Yet the released information had very little linked to Silver's private email.  One can only speculate on why that correspondence was left out, and what important information related to the Vogtle deal we may be missing.  

Taxpayer exposure on Vogtle - some troubling trends

So how's the program doing?  Will taxpayers or others ultimately bear a heavy financial burden because of poor accountability on the review and pricing of massive federal credit support to Vogtle reactors 3 and 4?

If you ask DOE, their loan program overall is going swimmingly well.  In their November 2014 progress report, the Office of Loan Programs' current director Peter Davidson noted that loss ratios are low, and interest and principal payments are running above losses.  Many of the principal payments are back-loaded, so we shall see.  And interest, even if repaid, is still provided at a significantly subsidized rate for many of the borrowers. 

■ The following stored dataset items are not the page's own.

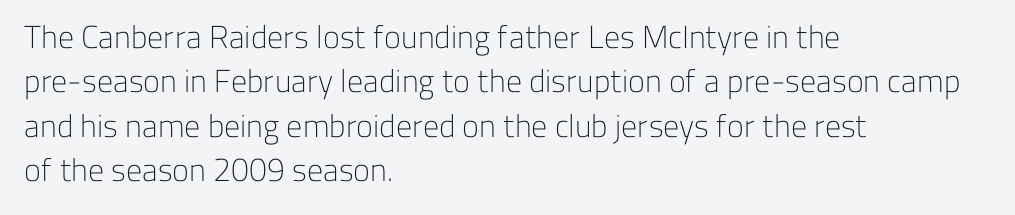
The image shows 32 px light sans-serif type, upright; set left-aligned, normal line spacing (1.39x), normal letter spacing, not underlined; low stroke contrast and a medium x-height.
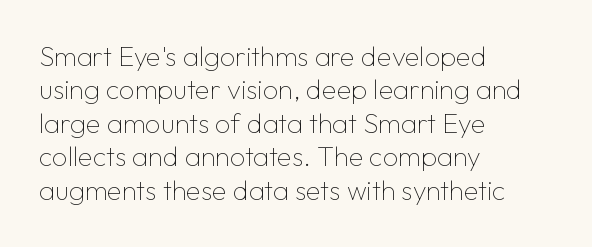
Q: Is the text bold? A: No.
Q: Is the text italic (slanted)? A: No, it is upright.
Q: Is the text underlined? A: No.
Q: How is the paragraph aligned? A: Left-aligned.
Q: Is the spacing between letters normal or unusually wide? A: Normal.
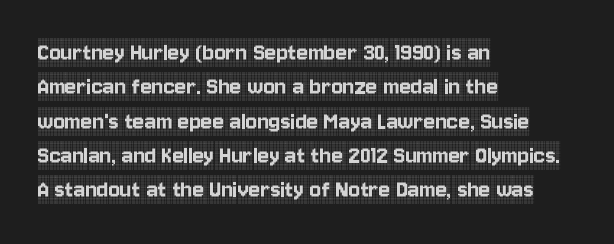
Do the letters lean? They stand straight. Lines of text with bare space underneath. The passage shown stacks its lines at a standard gap. Casual observation: everything's shoved over to the left.
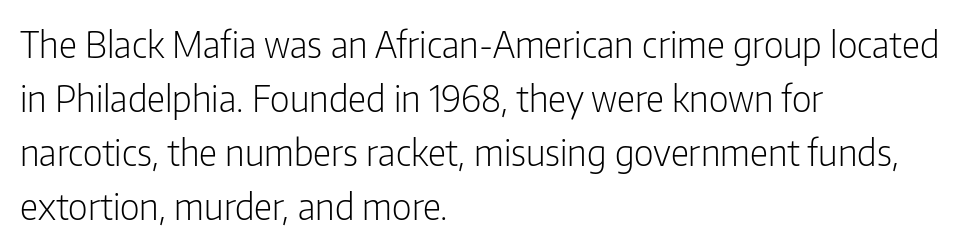
Q: Is the text bold? A: No.
Q: Is the text italic (slanted)? A: No, it is upright.
Q: Is the typeface a serif or a sans-serif typeface? A: Sans-serif.
Q: Is the text underlined? A: No.
Q: How is the paragraph aligned? A: Left-aligned.
Q: Is the spacing between letters normal or unusually wide? A: Normal.
Q: Is the spacing between lines tight, normal or loose? A: Normal.
Q: Width (condensed, normal, or wide)? A: Condensed.
Q: Stroke contrast? A: Low.
Q: x-height? A: Medium.
Q: Monospaced? A: No.
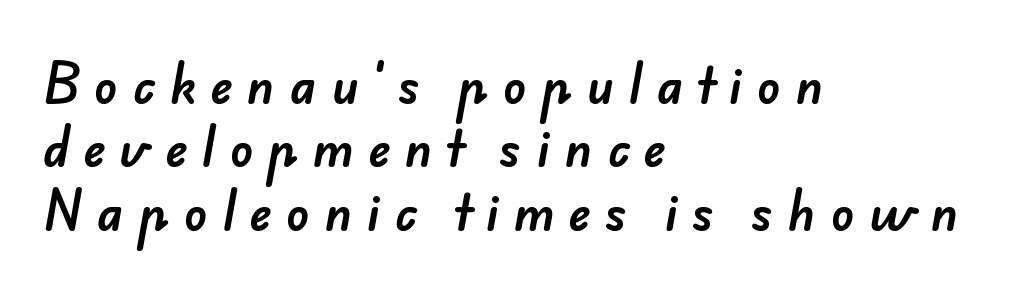
Q: Is the typeface a serif or a sans-serif typeface? A: Sans-serif.
Q: Is the text underlined? A: No.
Q: How is the paragraph aligned? A: Left-aligned.
Q: Is the spacing between letters normal or unusually wide? A: Unusually wide.
Q: Is the spacing between lines tight, normal or loose? A: Normal.
Q: Width (condensed, normal, or wide)? A: Normal.
Q: Stroke contrast? A: Low.
Q: x-height? A: Small.
Q: Monospaced? A: No.

What about the Vogtle loan itself?  The trends don't look very good, actually.

  • DOE determined the credit risk on $6.5 billion in government loans to Southern Company, the largest investor in the new Vogtle reactors (through its Georgia Power subsidary), was zero.  It is hard to imagine Peter Davidson's former employer, Morgan Stanley, reaching a similar decision.  The advance credit subsidy fee was one of the key risk management tools available to the Department to reduce losses.  By setting the credit subsidy figure to zero, DOE greatly increased the likely magnitude of taxpayer loss on this deal and established a bad precedent for future solicitations.  The irony here is that they didn't need to give the loan at all and the plant would still have been built:  Southern had said multiple times that they could proceed without the federal credit support

    If DOE staff were confident in their decision, one would assume they would be proud to demonstrate its basis.  No such luck:  DOE has blocked repeated attempts to get detailed information on how they concluded that zero credit subsidy assessment was warranted. 
  • Cost of the project has ballooned to as much as $18 billion and counting, and battles over who pays for the overruns are heating up.   The project's problems (likely in conjunction with a softening market for power) has led Southern Company to delay a second reactor project. 
  • Southern Company CEO Tom Fanning sold the vast majority of his shares in the firm last fall, according to Barrons.  This was years prior to the expiration of the associated options.  He sold 275,600 shares in January 2014, and an additional 1,049,185 in September.  At that point, he had less than 40,000 left.  A spokesperson for InsiderInsights.com, a firm that tracks trading activity by corporate insiders, viewed the sales as "bearish" and suggested people avoid the stock.  The sales subsequent to DOE approval of a zero credit subsidy fee; in excess of historical sale patterns; and leaving only a tiny stake in the firm he is in charge of are all problematic.  Sometimes such a pattern precedes CEO replacement or retirement.  In this case, however, Fanning is still there. 
  • While nukes were always sold as expensive to build but cheap to run, turns out they may not be very cheap to run either.  Exelon has taken the lead among current reactor owners in begging for alms in order to keep their plants on line.  And the alms, apparently, are quite substantial.  Tim Judson of NIRs has a good summary here.  Of course, these reactors have all been subsidized their entire lives, so perhaps begging for taxpayer handouts comes naturally.  They were subsidized when they were built; when they were deemed uncompetitive during power deregulation; for their accident risks, their waste management, and their accruals for plant decommissioning.  The list goes on.  But a key point is that if even the old reactors that have already paid off their capital can't operate competitively, what hope does a bloated Vogtle 3 & 4 have with cost recovery hurdles continuing to rise?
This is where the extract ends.